For many brands, Tumblr can be scary territory. The microblogging platform is known to be the place where people gather around extremely specific topics and interests, and with its young user base, it isn’t exactly a place that welcomes a corporate presence.

That’s where David Hayes comes in. The former Hollywood marketing exec is the head of CANVAS, a think tank of creative strategists employed by Tumblr who help brands create a presence on the platform. It’s Hayes job to get brands posting on the platform with the right mix of brand messaging, and entertaining content. His eight member team works with brands and their creative agencies to create sponsored posts that organically become part of Tumblr communities.

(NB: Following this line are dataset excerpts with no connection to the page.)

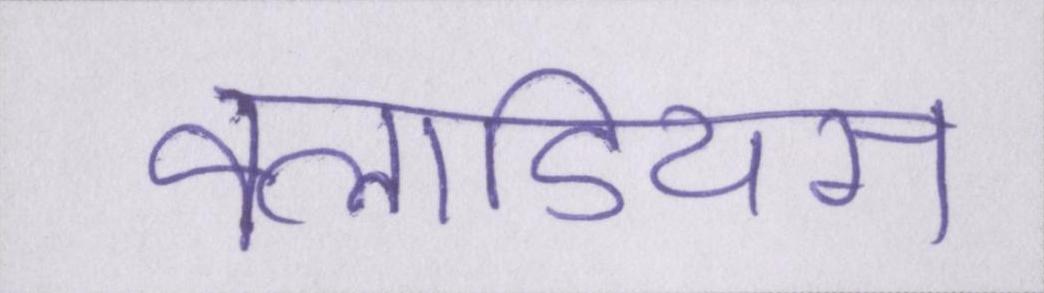
क्लाडियस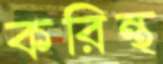
করিন্থ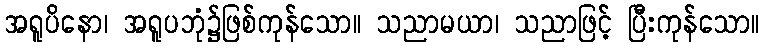
အရူပိနော၊ အရူပဘုံ၌ဖြစ်ကုန်သော။ သညာမယာ၊ သညာဖြင့် ပြီးကုန်သော။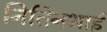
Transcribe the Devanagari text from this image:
नितिनभाई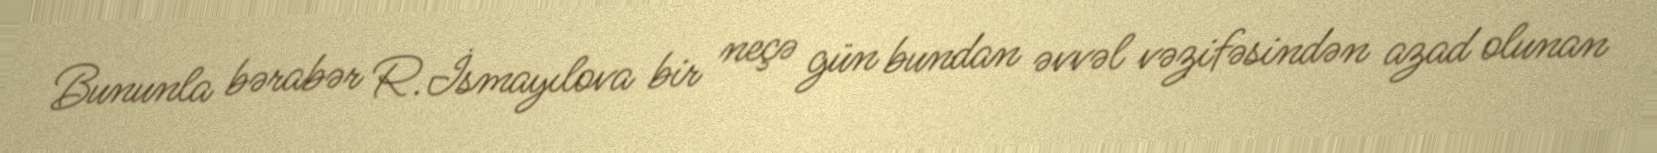
Bununla bərabər R.İsmayılova bir neçə gün bundan əvvəl vəzifəsindən azad olunan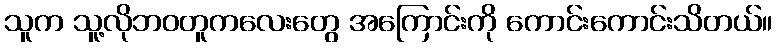
သူက သူ့လိုဘဝတူကလေးတွေ အကြောင်းကို ကောင်းကောင်းသိတယ်။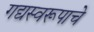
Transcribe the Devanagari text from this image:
गद्यस्वरूपाचे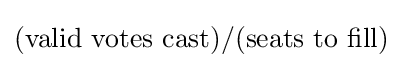
({\rm {\mbox{valid votes cast}}})/({\rm {\mbox{seats to fill}}})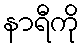
နာရီကို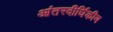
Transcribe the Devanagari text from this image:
आंतरदीर्घिकीय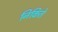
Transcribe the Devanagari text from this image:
निकिते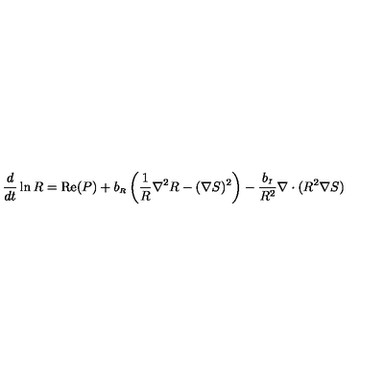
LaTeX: { \frac { d } { d t } } \ln R = \mathrm { R e } ( P ) + b _ { \scriptscriptstyle R } \left( \frac { 1 } { R } \nabla ^ { 2 } R - ( \nabla S ) ^ { 2 } \right) - { \frac { b _ { \scriptscriptstyle I } } { R ^ { 2 } } } \nabla \cdot ( R ^ { 2 } \nabla S )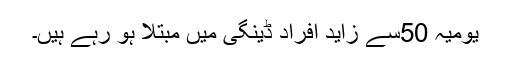
یومیہ 50سے زاید افراد ڈینگی میں مبتلا ہو رہے ہیں۔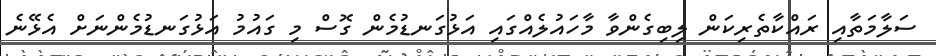
ސަލާމަތާއި ރައްކާތެރިކަން ލިބިގެންވާ މާހައުލެއްގައި އަޅުގަނޑުމެން ގޮސް މި ގައުމު އަޅުގަނޑުމެންނަށް އެޅޭނެ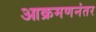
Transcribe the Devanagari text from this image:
आक्रमणनंतर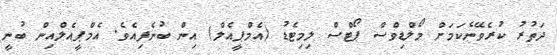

“There are usually two groups in every company we work with, one that asks ‘how many people are going to buy our product’ as a result of the sponsored post, and another that wants to measure brand affinity or brand love,” says Hayes. “We work better with that group.”

Hayes got his start at Tumblr as an “entertainment evangelist,” which made sense, given his previous ties to Hollywood. It was his job to get films and TV shows promote themselves on Tumblr. Before that, Hayes had worked for eight years as a top marketing executive at Lionsgate, the film studio behind such hits as The Hunger Games and Precious. It was on films like these where Hayes cut his teeth on digital marketing, learning creative digital ways to promote movies that didn’t have a huge marketing budget.

While The Hunger Games lent itself easily to social media promotions and visual campaigns, it was harder for Precious, with its somber, urban poverty storyline. Hayes says he overcame it by taking a marketing lesson from none other than Oprah. “She had said ‘there was a Precious inside every one of us,’ says Hayes. “It became our goal to find an element in the movie every person could identify with.” He says he continues to apply that same principle when creating branded content on Tumblr.

Unlike other social media platforms that were built to host advertising from the start, Tumblr has had to tread carefully when it comes to introducing sponsored content. Tumblr users have traditionally been loathe to embrace any kind of commercial presence. They had a less than enthusiastic reaction when the platform first introduced sponsored posts early last year.

Another problem from brands looking to reach the user base is that unlike Twitter or Facebook, where people can be targeted demographically, Tumblr is made up of several micro-communities of users bonding over highly specific, shared interests. There are Tumblr blogs devoted to just about everything niche you can imagine, including obscure television shows, specific types of photographs, weird celebrity fan clubs and erotic fetishes. By being part evangelist, and part creative consultant, Hayes identifies the opportunities for brands to work their way into one of these micro-communities and become accepted as one of the tribe.

“Unlike Facebook, Tumblr is not about who you know, it’s about what you love,” says Hayes. “We’re helping brands identify what users love and connecting them to it.”

For example, say there’s a Tumblr community devoted to unmade beds (yes, there really is.) Once that community has been identified, Hayes brings it to the attention of a relevant brand, IKEA for instance, and then his team works with that brand to create sponsored posts containing engaging images or GIFs that would be shared and reblogged just like any other post within that community.

As a result of CANVAS’s work with brands, Tumblr now hosts plenty of sponsored content, with users appreciating and reblogging the best of them. This includes brands like Denny’s, (who Hayes says were so good at creating posts for Tumblr, he hired one of their creatives to be on his team) GE and Gap, as well as movies like Jobs: The Film, and Thor.

“Identifying the right tribe is easy enough, but brands still have to focus on telling a story, instead of selling a product,” says Hayes. ‘They don’t have to always have to have calls-to-action or be so sales heavy in their branded content.”

In fact, Hayes and his boss, Tumblr CEO David Karp envision a future where ads can be appreciated for their aesthetic alone, freed from commercial intent. “David believes we can help make digital content as big or as ‘hooky’ as television spots,” says Hayes. “Who would have thought ads would become as collectible as art?”